Red Hat Introduces Arm Server Support for Red Hat Enterprise Linux - cpeterso
https://www.redhat.com/en/blog/red-hat-introduces-arm-server-support-red-hat-enterprise-linux
======
wyldfire
> Our goal was to develop a single operating platform across multiple 64-bit
> ARMv8-A server-class SoCs from various suppliers while using the same
> sources to build user functionality and consistent feature set that enables
> customers to deploy across a range of server implementations while
> maintaining application compatibility.

I wonder how successful this was. Previously, all x86 CPUs (including x86_64)
would bootstrap into the same mode from 1970s CPUs and preserve all the
functionality from the original ISA (we still talk to the RTC via inb/outb,
e.g.). I suppose this changed a little bit after EFI/UEFI was offered?

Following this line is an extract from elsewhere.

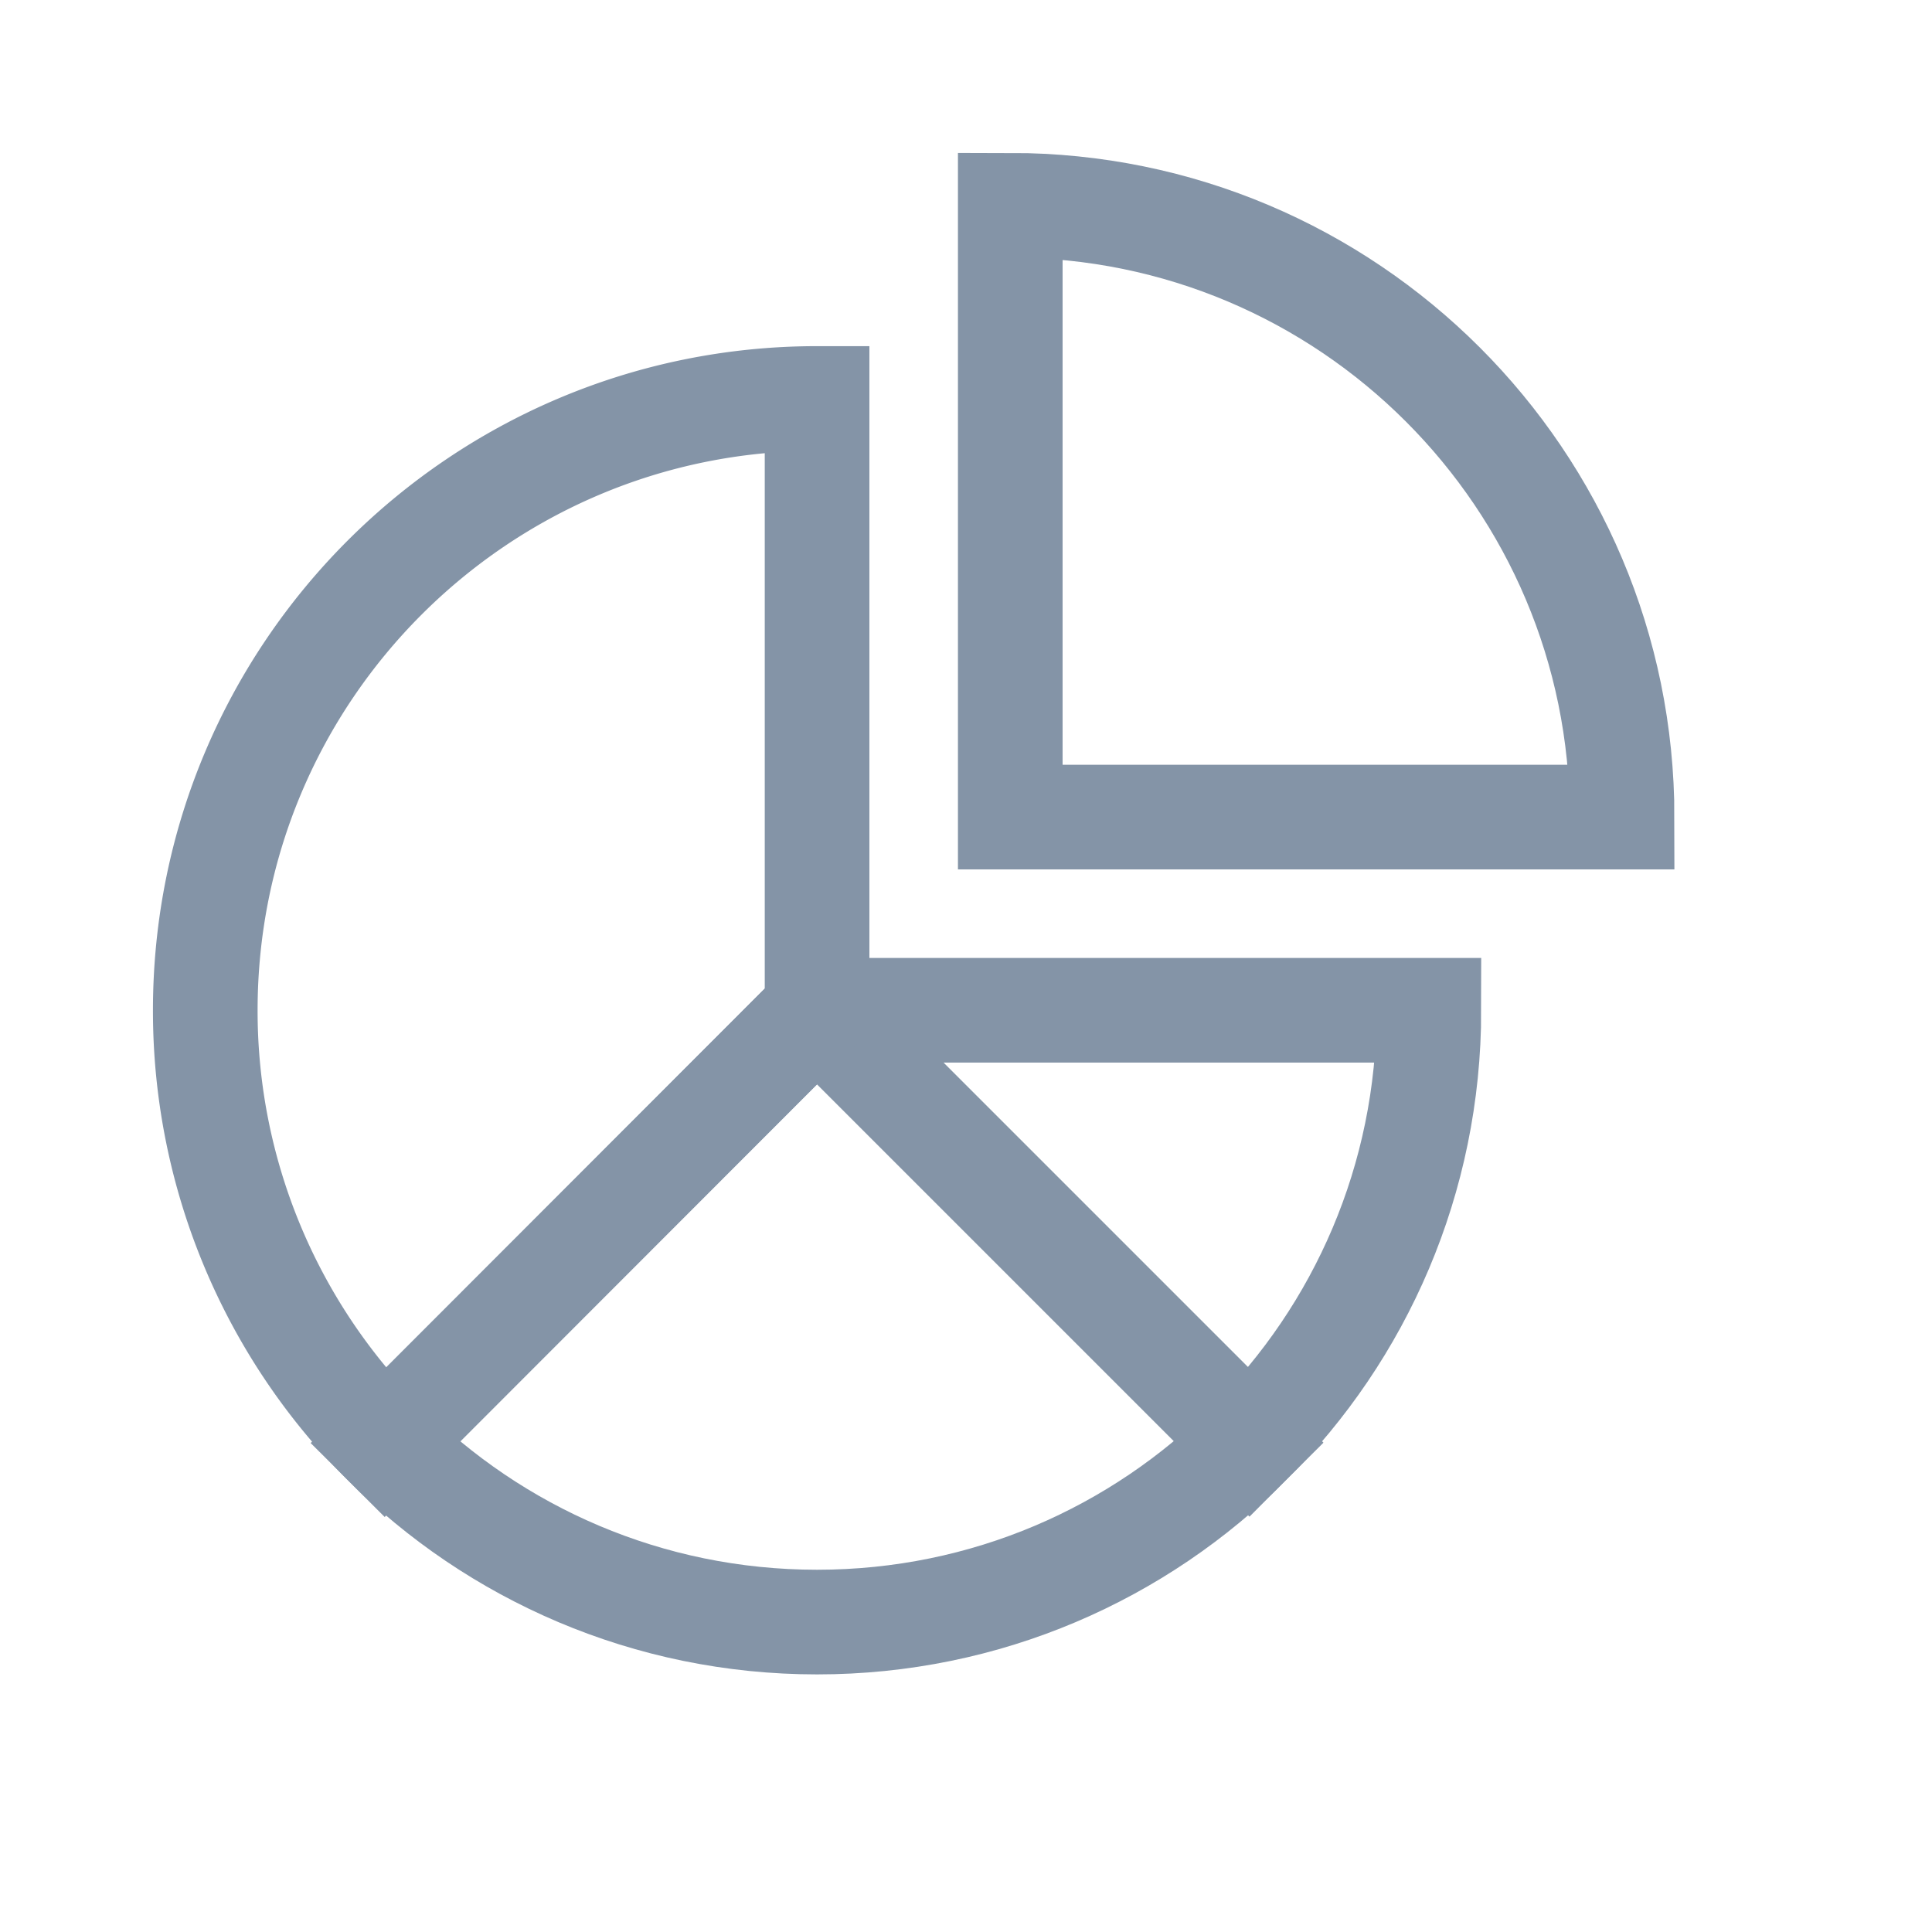 <svg xmlns="http://www.w3.org/2000/svg" xml:space="preserve" data-animoptions="{'duration':'1.6', 'repeat':'0', 'repeatDelay':'0.7'}" data-shift="xy" preserveAspectRatio="xMinYMin meet" style="left:0;top:0" viewBox="0 0 60 60"><g class="lievo-setrotation"><g class="lievo-setsharp" data-svg-origin="31.625 30" style="transform-origin:0 0 0"><g class="lievo-setflip"><g class="lievo-main"><g fill="none" stroke="#8494a7" stroke-linecap="square" stroke-miterlimit="2" stroke-width="3.25" class="lievo-common"><path d="M27 33h19c0 5.25-2.13 10-5.57 13.43L27 33z" transform="translate(-1.625 -1.625)"/><path d="m27 33 13.43 13.43C37 49.87 32.25 52 27 52s-10-2.13-13.43-5.56L27 33z" transform="translate(-1.625 -1.625)"/><path d="M27 33 13.57 46.44A18.947 18.947 0 0 1 8 33c0-10.49 8.51-19 19-19v19z" transform="translate(-1.625 -1.625)"/><path d="M33 27V8c10.49 0 19 8.51 19 19H33z" class="lievo-altstroke" transform="translate(-1.625 -1.625)"/></g></g></g></g></g></svg>

ARM CPUs were not bound to this backwards compatibility so AFAIK every vendor
could implement their own bootstrapping functionality, and therefore having a
single bootloader was challenging/impossible? uboot is a popular basis
solution but IIRC everyone provides their own tweak to suit their SoC. Does
TrustZone normalize the bootstrapping process for ARM devices such that we can
write a single bootloader binary and expect it to work the same way across ARM
server SoCs?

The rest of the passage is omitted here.